I'll do some side by sides to see if I can notice a difference. I've been doing up to 3 days in advance with things like whole chickens, pork butts, etc...never tasted too salty, but then again, I like the super super salty fond at the bottom of the pan, so I may have saltier tastes.


----------



## jbl (Oct 29, 2013)

I pretty much lightly salt most of the white fish we get in at work. Just firms it up.


----------



## jgraeff (Oct 29, 2013)

It depends on the method of cooking as well, with searing or satue I like to season things like scallops and fish right before so it doesn't draw out much water.

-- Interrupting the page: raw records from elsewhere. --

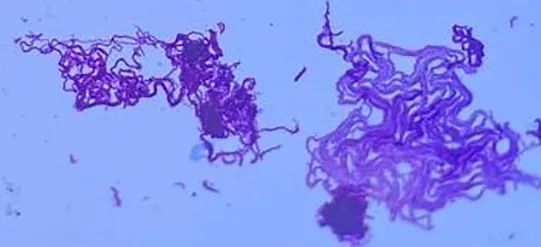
The appearance of bacilli after Ziehl-Neelsen staining from colonies of liquid medium MGIT.
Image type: pathology (acid_fast)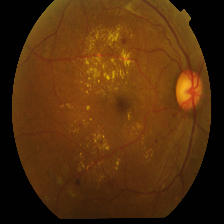
Diabetic retinopathy grade: Proliferative DR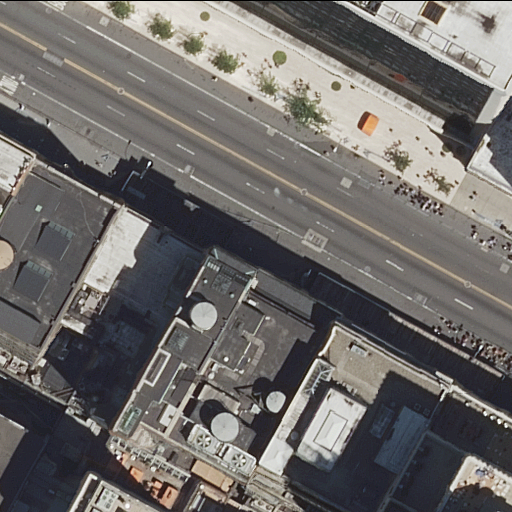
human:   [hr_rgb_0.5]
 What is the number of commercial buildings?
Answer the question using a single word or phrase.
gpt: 1

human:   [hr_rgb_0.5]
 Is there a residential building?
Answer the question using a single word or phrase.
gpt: yes

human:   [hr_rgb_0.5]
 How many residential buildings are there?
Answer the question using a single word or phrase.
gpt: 10

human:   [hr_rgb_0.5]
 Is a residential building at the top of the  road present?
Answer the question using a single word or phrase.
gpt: no

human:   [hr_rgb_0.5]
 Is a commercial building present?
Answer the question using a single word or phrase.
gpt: yes

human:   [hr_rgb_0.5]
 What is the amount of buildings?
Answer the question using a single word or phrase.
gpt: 12

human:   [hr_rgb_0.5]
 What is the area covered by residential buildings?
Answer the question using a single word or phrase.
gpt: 5764m2

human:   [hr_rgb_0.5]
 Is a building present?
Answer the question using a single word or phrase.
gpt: yes

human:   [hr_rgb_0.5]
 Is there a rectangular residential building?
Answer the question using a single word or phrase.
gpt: yes

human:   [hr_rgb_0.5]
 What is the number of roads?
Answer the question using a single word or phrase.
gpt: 1

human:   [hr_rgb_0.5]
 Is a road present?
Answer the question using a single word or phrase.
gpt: yes

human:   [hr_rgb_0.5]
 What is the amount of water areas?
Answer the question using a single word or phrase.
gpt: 0

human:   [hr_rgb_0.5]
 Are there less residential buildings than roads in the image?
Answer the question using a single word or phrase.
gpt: no

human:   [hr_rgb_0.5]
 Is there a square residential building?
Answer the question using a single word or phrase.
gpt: no

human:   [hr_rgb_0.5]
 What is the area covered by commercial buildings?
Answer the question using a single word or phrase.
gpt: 983m2

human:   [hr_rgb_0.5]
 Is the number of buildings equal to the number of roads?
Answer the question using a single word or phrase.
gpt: no

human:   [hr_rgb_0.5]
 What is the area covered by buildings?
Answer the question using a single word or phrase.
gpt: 7301m2

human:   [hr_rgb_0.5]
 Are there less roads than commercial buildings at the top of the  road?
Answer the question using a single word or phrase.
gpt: no

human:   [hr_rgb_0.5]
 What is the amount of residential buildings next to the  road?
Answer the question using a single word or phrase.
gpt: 10

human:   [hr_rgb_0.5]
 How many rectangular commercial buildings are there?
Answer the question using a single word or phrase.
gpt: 1

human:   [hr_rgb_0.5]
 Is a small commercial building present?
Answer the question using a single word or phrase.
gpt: no

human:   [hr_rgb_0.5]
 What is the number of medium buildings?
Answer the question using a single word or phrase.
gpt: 5

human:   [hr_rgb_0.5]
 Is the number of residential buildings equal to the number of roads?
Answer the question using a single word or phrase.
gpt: no

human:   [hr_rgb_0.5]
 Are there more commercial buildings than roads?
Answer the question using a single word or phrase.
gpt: no

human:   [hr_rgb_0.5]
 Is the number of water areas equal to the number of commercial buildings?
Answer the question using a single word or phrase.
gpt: no

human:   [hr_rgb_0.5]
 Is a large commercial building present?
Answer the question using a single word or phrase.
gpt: yes

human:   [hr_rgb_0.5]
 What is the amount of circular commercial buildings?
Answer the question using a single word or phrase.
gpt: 0

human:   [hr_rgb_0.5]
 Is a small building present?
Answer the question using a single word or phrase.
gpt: yes

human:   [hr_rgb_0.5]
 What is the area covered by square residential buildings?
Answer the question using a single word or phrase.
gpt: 0m2

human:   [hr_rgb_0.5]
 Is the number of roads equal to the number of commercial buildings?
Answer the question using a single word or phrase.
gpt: yes

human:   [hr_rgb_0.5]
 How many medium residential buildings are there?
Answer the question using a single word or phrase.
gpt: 5

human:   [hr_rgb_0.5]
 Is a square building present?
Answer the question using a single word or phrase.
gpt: no

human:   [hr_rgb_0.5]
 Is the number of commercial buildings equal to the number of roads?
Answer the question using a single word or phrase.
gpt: yes

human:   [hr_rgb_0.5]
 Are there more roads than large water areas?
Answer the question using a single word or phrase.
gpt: yes

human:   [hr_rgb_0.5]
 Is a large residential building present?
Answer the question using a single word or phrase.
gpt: yes

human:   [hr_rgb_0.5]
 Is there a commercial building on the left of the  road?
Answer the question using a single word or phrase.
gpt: no

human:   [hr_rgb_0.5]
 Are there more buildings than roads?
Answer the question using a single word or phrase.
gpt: yes

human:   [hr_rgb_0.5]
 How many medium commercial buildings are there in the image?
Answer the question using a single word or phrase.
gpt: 0

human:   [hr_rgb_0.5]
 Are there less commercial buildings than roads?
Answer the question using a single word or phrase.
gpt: no

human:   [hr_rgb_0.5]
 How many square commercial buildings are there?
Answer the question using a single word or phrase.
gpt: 0

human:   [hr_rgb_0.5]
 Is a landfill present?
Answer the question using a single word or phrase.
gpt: no

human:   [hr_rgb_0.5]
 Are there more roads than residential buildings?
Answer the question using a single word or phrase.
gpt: no

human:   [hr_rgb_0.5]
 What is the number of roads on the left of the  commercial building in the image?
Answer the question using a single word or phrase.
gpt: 0

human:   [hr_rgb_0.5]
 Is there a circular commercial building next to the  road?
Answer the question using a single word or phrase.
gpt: no

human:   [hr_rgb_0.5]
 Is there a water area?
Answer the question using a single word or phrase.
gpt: no

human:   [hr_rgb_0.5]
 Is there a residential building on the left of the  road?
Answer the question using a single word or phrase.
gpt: yes

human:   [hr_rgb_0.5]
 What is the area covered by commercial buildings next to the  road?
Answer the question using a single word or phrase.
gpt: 983m2

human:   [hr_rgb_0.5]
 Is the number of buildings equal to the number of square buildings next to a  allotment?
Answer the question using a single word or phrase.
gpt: no

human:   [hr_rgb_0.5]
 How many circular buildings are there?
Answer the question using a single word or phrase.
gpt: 0

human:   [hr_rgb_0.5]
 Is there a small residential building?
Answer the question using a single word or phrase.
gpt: yes

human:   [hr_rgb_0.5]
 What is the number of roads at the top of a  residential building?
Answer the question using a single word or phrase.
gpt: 1

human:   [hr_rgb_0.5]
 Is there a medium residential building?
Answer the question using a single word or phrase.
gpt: yes

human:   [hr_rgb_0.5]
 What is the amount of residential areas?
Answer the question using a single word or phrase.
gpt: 0

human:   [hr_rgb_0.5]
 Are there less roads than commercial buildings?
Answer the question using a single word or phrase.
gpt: no

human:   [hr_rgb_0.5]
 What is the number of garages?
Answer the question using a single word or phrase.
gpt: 0

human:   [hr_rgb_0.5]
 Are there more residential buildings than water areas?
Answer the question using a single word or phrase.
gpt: yes

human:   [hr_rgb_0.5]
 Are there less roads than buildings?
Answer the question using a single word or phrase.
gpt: yes

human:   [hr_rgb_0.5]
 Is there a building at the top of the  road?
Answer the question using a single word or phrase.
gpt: yes

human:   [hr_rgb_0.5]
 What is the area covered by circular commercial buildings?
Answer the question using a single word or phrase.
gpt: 0m2

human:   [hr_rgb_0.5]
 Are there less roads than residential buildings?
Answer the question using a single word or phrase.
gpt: yes

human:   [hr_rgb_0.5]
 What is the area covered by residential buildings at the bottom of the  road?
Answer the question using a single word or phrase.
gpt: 5107m2

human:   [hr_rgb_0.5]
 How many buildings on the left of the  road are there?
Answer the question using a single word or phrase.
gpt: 8

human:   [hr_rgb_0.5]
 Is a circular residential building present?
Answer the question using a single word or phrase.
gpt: no

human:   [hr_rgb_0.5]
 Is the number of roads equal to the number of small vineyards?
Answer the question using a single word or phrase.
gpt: no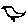
Label: bird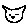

With beef as soon as I take it out of the fridge until it comes to room temp then cook

With pork I like to brine

Chicken can be brined or let sit for a while.


----------



## Bill13 (Oct 30, 2013)

heirkb said:


> Check out the salting steak tips here: http://www.seriouseats.com/2011/03/the-food-lab-more-tips-for-perfect-steaks.html
> 
> I tend to salt a lot of tough or large cuts way ahead. The few kitchens I've been in have done it that way and based on what I've read as well, it makes sense. I guess I should try it with more tender stuff like chicken breast or steaks, too. Check out this kinda famous roast chicken recipe: http://smittenkitchen.com/blog/2008/12/zuni-cafe-roast-chicken-bread-salad/
> I really should do a side-by-side, but these have been the best roast chickens I've made up to this point. It may be the two to three days of drying the skin, though, so I can't be sure.



Another great website that I didn't know about!


----------